Among franchised outlets, business services (such as tax preparation), commercial and residential services (including cleaning), and quick service restaurants are expected to see the strongest employment gains in 2014, according to a forecast released this week by the franchise association.
“It’s very rare to see a franchise restaurant brand convert to corporately owned restaurants,” said John Reynolds, president of the franchise association’s educational foundation.
“In most cases, it goes the other way, where a local or regional chain of corporately owned restaurants will decide to embark on franchising for a more rapid development of their brand and to gain more market share.”
Desire for change
But Swad, who also is chairman of Pizza Patrón and took over last year as president, wanted change.

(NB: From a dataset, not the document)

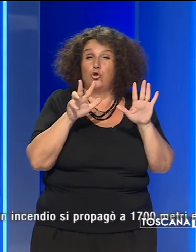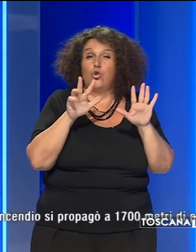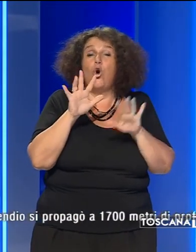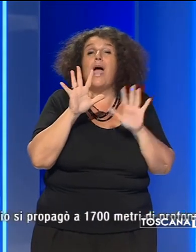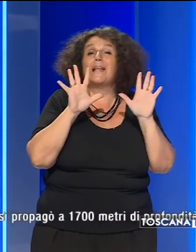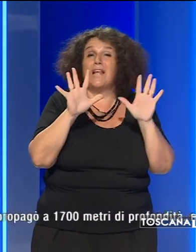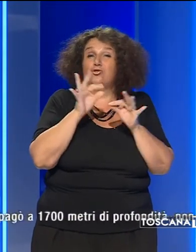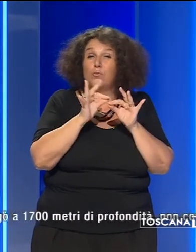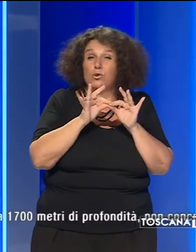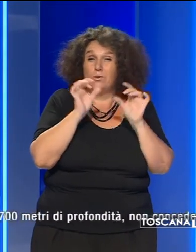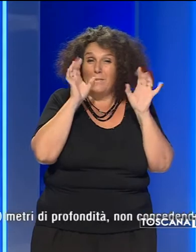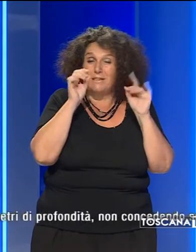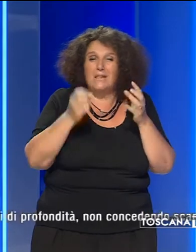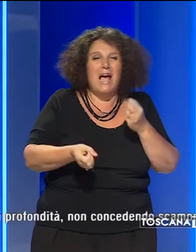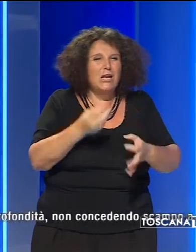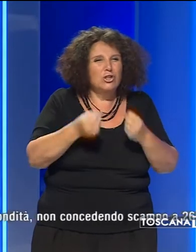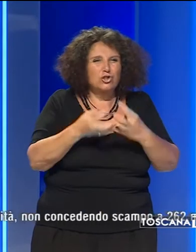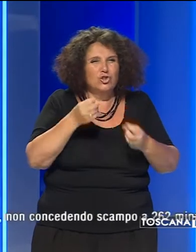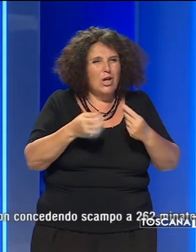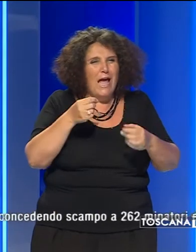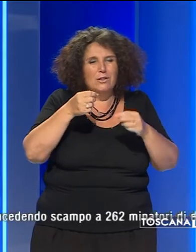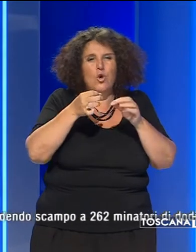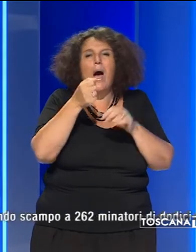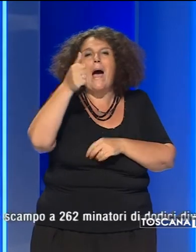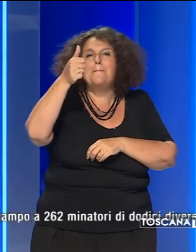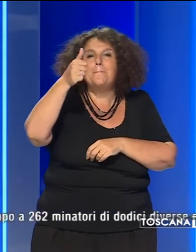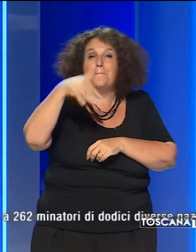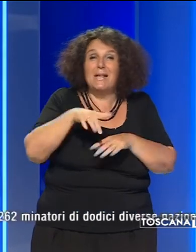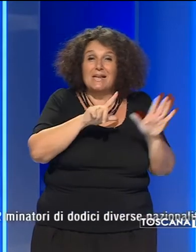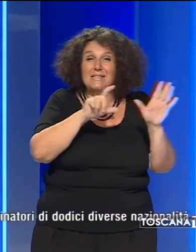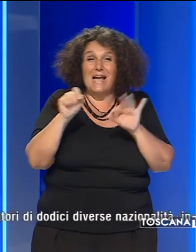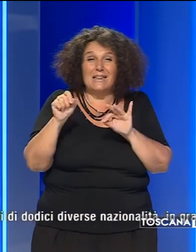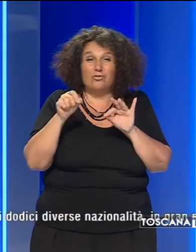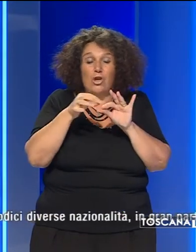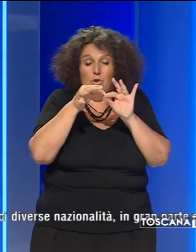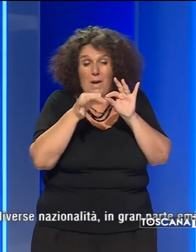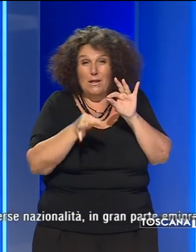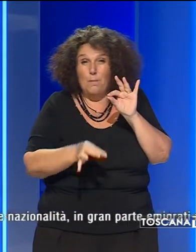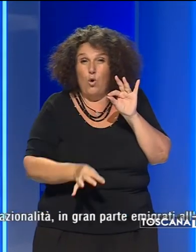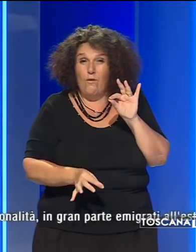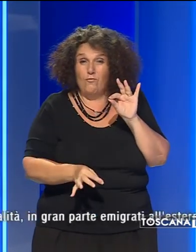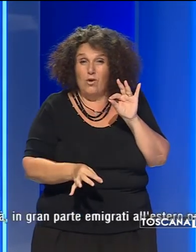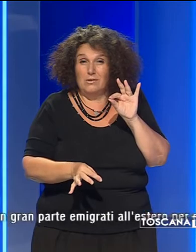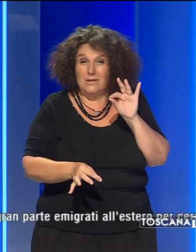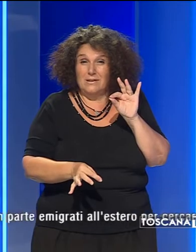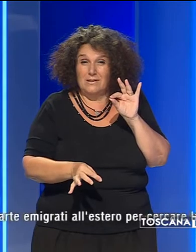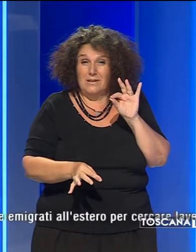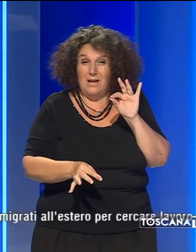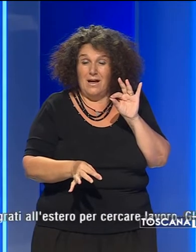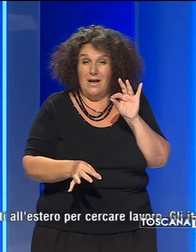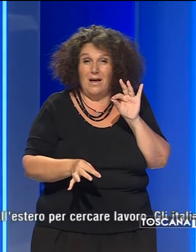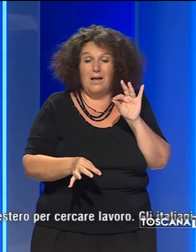di mattina, un incendio si propagò a 1.700 metri di profondità, non

“I noticed … that we were spending time on relatively unimportant things, attempting to build consensus among our franchisees on minor decisions, instead of putting our time and energy on developing a strategy to move the company forward,” he said as transactions took place in Spanish at the counter a few feet away.

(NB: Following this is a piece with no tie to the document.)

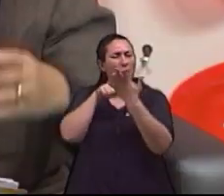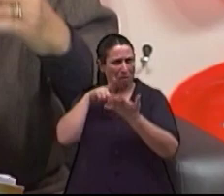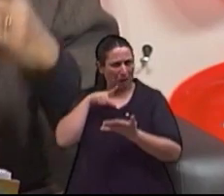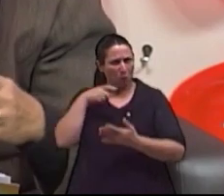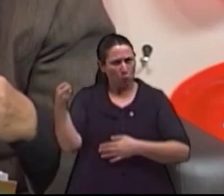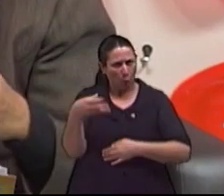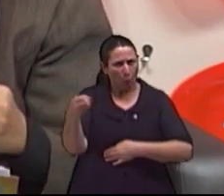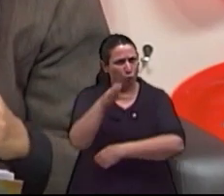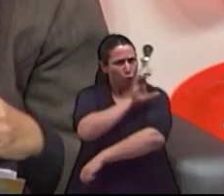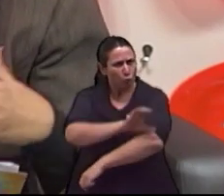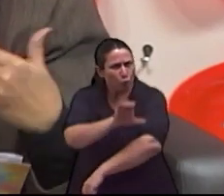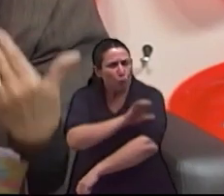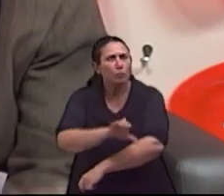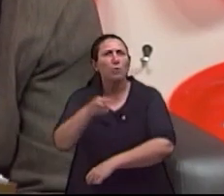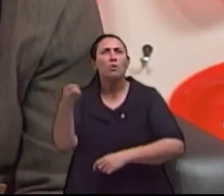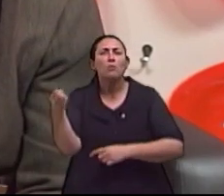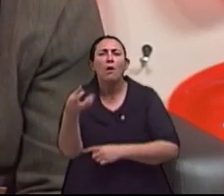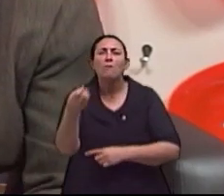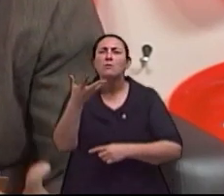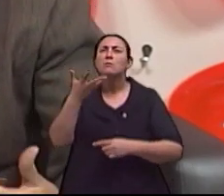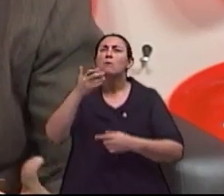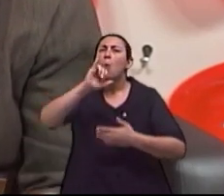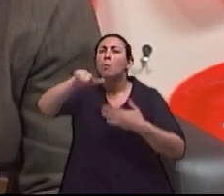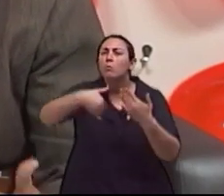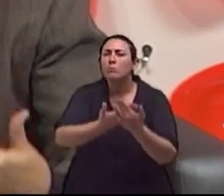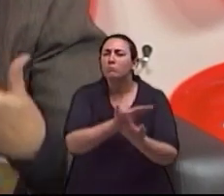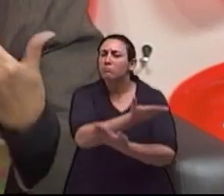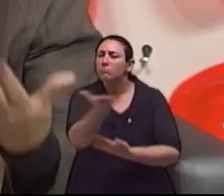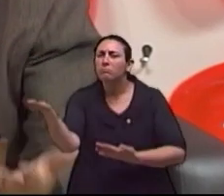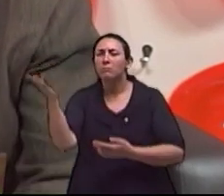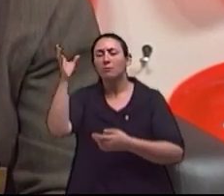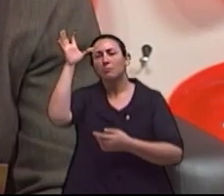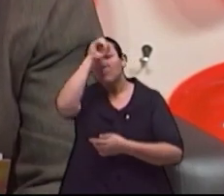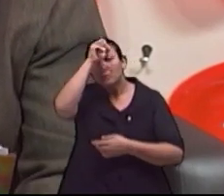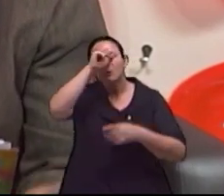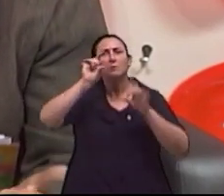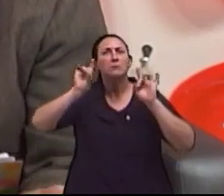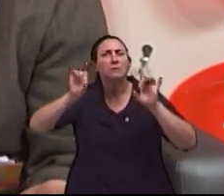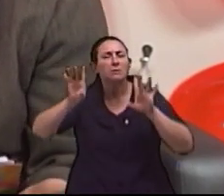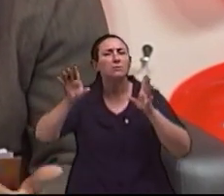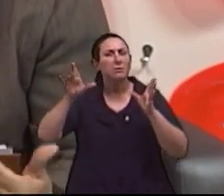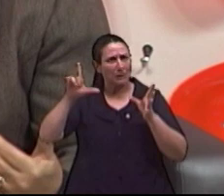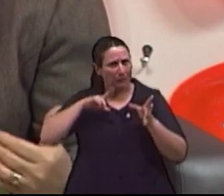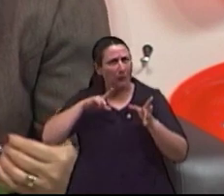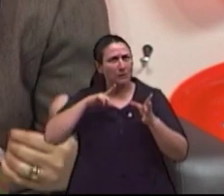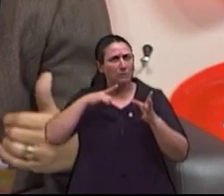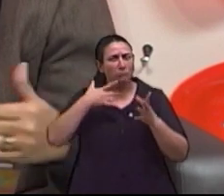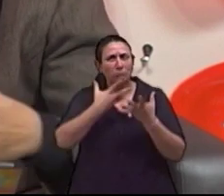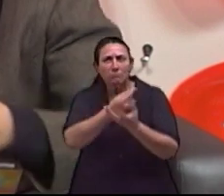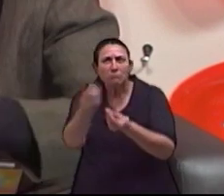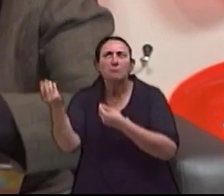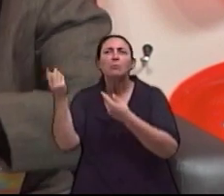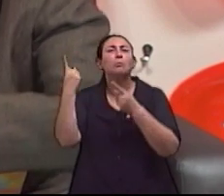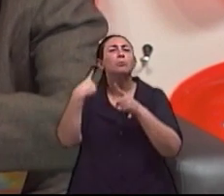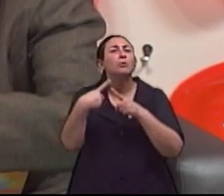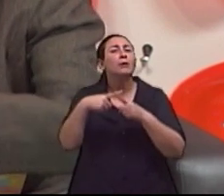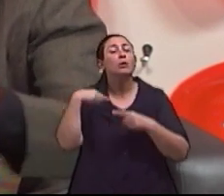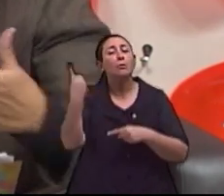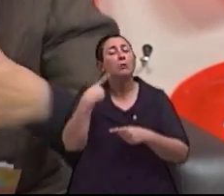instituições oportunizando novas especializações para surdos, para que a gente tenha essa interação,

For example, he said, it took months to get the franchisees behind the “pizza por favor” promotion, in part over unhappiness that they would bear the cost.
“We spent time and energy on this ‘get on board’ process instead of the ‘let’s move forward’ process,” Swad said.
So last year, at least five franchisees left the system. Swad said it was “by design.”
What does “by design” mean?
“Without going into excruciating details: Franchisees have an obligation to maintain the brand to a standard; they need to operate their restaurants to a standard that was difficult for some. We’re committed at Pizza Patrón to raising our standards of operation higher than they’ve ever been.
“Sometimes when you raise the standard, not everybody is able to keep up,” he said.
More franchisees left before last year. In 2008 there were 50. Now there are 32, and some probably won’t be around next year, Swad said. No more will be added for the foreseeable future.
The company closed out entire markets: El Paso (all six stores), Las Vegas (all six), Fresno (all three) and San Diego (both stores). All Dallas-Fort Worth stores remained open.
Pete Tucker, a restaurant industry veteran, closed the two San Diego stores because keeping them open “just didn’t make any sense” financially. Without the name recognition the brand has in Texas, and with the California pizza market already saturated, Tucker said he lost money on his two stores.
“We just could not make the business work in San Diego,” he said. “We don’t hold any bad will to Pizza Patrón.”
Another former franchisee asked that his name not be used because he may file a lawsuit. The company is not currently facing litigation, Swad said.
The second former franchisee agreed with Tucker that locations outside of Texas had a hard time generating enough sales to break even. Not counting Swad’s stores, many of the other locations were losing money, he said, and his loss was in the seven figures.
Record sales in ’13
Gamm said even with the store closures, the company posted record sales in 2013 of $39.4 million.
He said he has not heard of any filing for bankruptcy.
“We do have some terrific franchisees in this system that we’re happy to grow with,” said Swad, who also founded the Wingstop chicken wing chain.
With last year’s store closures behind him, Swad is planning for growth.
In 2013, seven locations opened — all franchised.
This year, 25 are expected to open: 15 corporate locations and 10 franchises, with 20 of those locations in Dallas-Fort Worth. The average cost for a strip mall location is $250,000. Money for the corporate locations will come from corporate coffers. Swad said he has not taken on any new investors.
“It’s a lot [to take on] in one sense. In another sense we’re speaking to our core competency,” said Swad, ducking into the kitchen to check on an order. “It’s an exciting challenge to have.
“We’re really amped up around here. We have a big year ahead of us.”